EDIT 2: Sorry people, to make this question more understandable the thing I want to find out here is the size of returned HEX value as a number, not size of int nor size of pointer to int but plain hex value. I need to get that value in in human-readable notation. That's why I'm using reinterpret_cast to convert that memory HEX value to DEC value. But to store the value safely I also need to fing out into what kind of variable to it: int, long - what type is big enough?
No, that's not safe. There's no guarantee sizeof(int) == sizeof(int*)
On a 64 bit platform you're almost guaranteed that it's not.
As for the "hexadecimal value" ... I'm not sure what you're talking about. If you're talking about the textual representation of the pointer in hexadecimal ... you'd need a string.
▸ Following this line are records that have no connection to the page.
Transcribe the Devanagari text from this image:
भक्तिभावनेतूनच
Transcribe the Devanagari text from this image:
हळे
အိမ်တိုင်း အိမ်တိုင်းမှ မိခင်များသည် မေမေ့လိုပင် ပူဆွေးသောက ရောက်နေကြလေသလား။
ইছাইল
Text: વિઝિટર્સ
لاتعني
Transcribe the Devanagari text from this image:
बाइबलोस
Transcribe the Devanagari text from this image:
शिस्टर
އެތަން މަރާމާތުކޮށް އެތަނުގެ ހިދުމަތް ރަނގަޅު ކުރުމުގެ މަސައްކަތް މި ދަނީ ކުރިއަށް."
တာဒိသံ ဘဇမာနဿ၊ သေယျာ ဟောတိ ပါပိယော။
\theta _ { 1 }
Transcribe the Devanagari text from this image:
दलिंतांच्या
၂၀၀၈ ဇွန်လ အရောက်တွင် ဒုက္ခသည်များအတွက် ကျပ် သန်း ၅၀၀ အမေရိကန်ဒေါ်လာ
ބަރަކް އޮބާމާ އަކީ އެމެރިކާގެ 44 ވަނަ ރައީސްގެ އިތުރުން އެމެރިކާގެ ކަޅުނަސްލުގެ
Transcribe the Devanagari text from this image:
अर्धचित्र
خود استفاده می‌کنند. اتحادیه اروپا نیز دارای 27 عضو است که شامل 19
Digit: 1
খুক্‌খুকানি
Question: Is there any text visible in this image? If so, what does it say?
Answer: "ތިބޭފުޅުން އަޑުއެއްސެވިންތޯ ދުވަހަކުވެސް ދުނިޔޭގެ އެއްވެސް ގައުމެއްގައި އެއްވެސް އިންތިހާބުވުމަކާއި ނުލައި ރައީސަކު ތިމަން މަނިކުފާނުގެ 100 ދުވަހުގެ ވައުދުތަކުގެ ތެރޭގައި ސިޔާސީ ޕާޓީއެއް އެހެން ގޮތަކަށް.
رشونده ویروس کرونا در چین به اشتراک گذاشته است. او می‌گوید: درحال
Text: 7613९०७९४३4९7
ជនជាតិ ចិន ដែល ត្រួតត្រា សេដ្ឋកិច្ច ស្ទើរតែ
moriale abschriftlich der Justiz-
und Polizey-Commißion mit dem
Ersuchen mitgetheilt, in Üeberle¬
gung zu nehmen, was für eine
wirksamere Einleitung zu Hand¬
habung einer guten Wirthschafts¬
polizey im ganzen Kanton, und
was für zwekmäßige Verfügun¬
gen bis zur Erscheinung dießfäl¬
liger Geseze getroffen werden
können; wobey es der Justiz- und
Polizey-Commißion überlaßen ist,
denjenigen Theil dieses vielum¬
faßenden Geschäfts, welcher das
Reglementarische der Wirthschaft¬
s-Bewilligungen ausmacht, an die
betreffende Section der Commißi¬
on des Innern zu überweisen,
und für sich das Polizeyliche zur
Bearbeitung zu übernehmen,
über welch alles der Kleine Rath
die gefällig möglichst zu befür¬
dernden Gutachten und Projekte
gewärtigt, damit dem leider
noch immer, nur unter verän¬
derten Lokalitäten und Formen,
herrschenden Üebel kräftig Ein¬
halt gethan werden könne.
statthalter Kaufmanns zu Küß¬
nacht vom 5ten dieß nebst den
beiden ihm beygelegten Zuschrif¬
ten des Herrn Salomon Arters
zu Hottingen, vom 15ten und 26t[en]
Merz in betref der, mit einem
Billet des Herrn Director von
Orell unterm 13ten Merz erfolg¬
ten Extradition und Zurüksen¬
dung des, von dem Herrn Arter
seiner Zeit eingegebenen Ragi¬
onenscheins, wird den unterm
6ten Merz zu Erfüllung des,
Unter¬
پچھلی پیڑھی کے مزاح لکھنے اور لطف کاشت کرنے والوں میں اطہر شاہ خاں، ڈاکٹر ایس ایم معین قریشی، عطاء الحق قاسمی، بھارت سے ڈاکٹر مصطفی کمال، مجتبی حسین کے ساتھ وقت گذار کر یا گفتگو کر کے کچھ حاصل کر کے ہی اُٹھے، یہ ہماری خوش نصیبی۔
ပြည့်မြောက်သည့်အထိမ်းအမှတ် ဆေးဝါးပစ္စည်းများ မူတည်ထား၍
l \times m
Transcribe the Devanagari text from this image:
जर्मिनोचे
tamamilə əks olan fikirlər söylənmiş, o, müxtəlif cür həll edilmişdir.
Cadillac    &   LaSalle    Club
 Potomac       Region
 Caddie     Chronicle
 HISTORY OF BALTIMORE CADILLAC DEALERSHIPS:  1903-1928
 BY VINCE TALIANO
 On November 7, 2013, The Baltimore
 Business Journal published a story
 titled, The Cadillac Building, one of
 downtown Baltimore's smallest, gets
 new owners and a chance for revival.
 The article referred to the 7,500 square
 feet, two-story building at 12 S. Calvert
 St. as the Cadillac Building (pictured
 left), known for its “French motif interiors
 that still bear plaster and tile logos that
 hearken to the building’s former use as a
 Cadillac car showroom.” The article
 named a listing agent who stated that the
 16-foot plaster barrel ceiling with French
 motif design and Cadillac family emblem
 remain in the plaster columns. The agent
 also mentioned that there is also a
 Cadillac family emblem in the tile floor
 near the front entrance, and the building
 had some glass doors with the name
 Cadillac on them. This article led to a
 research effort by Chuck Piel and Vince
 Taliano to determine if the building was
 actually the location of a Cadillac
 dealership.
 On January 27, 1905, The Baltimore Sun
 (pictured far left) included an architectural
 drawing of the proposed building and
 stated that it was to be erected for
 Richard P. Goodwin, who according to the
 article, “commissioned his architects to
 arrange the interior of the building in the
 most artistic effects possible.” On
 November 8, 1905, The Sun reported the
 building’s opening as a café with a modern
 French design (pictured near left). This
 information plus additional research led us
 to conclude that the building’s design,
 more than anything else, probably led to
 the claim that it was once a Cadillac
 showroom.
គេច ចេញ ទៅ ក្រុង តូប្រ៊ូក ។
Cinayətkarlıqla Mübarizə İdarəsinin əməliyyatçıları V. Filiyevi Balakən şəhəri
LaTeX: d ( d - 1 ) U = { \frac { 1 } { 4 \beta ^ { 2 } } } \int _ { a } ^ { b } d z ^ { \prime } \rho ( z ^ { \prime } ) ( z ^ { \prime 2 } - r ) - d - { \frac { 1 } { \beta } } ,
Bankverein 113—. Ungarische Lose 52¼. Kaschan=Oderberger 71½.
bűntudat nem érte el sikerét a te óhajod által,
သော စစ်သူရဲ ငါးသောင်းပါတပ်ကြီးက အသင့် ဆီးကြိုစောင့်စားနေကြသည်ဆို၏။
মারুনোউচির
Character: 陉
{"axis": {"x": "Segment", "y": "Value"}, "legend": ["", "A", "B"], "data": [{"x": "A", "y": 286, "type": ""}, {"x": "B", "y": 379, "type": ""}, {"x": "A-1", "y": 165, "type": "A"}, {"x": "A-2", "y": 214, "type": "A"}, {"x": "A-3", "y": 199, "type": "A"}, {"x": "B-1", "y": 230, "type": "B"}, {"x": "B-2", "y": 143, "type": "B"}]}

Edit to try and help the OP based on comments:
Because computers don't work in hex. I don't know how else to explain it. An int stores some amount of bits (binary), as does a long. Hexadecimal is a textual representation of those bits (specifically, the base16 representation). strings are used for textual representations of values. If you need a hexadecimal representation of a pointer, you would need to convert that pointer to text (hex).
Here's a c++ example of how you would do that:
test.cpp
#include <string>
#include <iostream>
#include <sstream>
int main()
{
int *p; // declare a pointer to an int.
std::ostringstream oss; // create a stringstream
std::string s; // create a string
// this takes the value of p (the memory address), converts it to
// the hexadecimal textual representation, and puts it in the stream
oss << std::hex << p;
// Get a std::string from the stream
s = oss.str();
// Display the string
std::cout << s << std::endl;
}
Sample output:
roach$ g++ -o test test.cpp
roach$ ./test
0x7fff68e07730
It's worth noting that the same thing is needed when you want to see the base10 (decimal) representation of a number - you have to convert it to a string. Everything in memory is stored in binary (base2)
On most 64-bit targets, int is still 32-bit, while pointer is 64bit, so it won't work.
http://en.wikipedia.org/wiki/64-bit#64-bit_data_models
What you probably want is to use std::ostream's formatting of addresses:
int x(0);
std::cout << &x << '\n';
As to the length of the produced string, you need to determine the size of the respective pointer: for each used byte the output will use two hex digit because each hex digit can represent 16 values. All bytes are typically used even if it is unlikely that you have memory for all bytes e.g. when the size of pointers is 8 bytes as happens on 64 bit systems. This is because the stacks often grow from the biggest address downwards while the executable code start at the beginning of the address range (well, the very first page may be unused to cause segmentation violations if it is touched in any way). Above the executable code live some data segments, followed by the heap, and lots of unused pages.
There is question addressing similar topic:
https://stackoverflow.com/a/2369593/1010666
Summary: do not try to write pointers into non-pointer variable.
If you need to print out the pointer value, there are other solutions.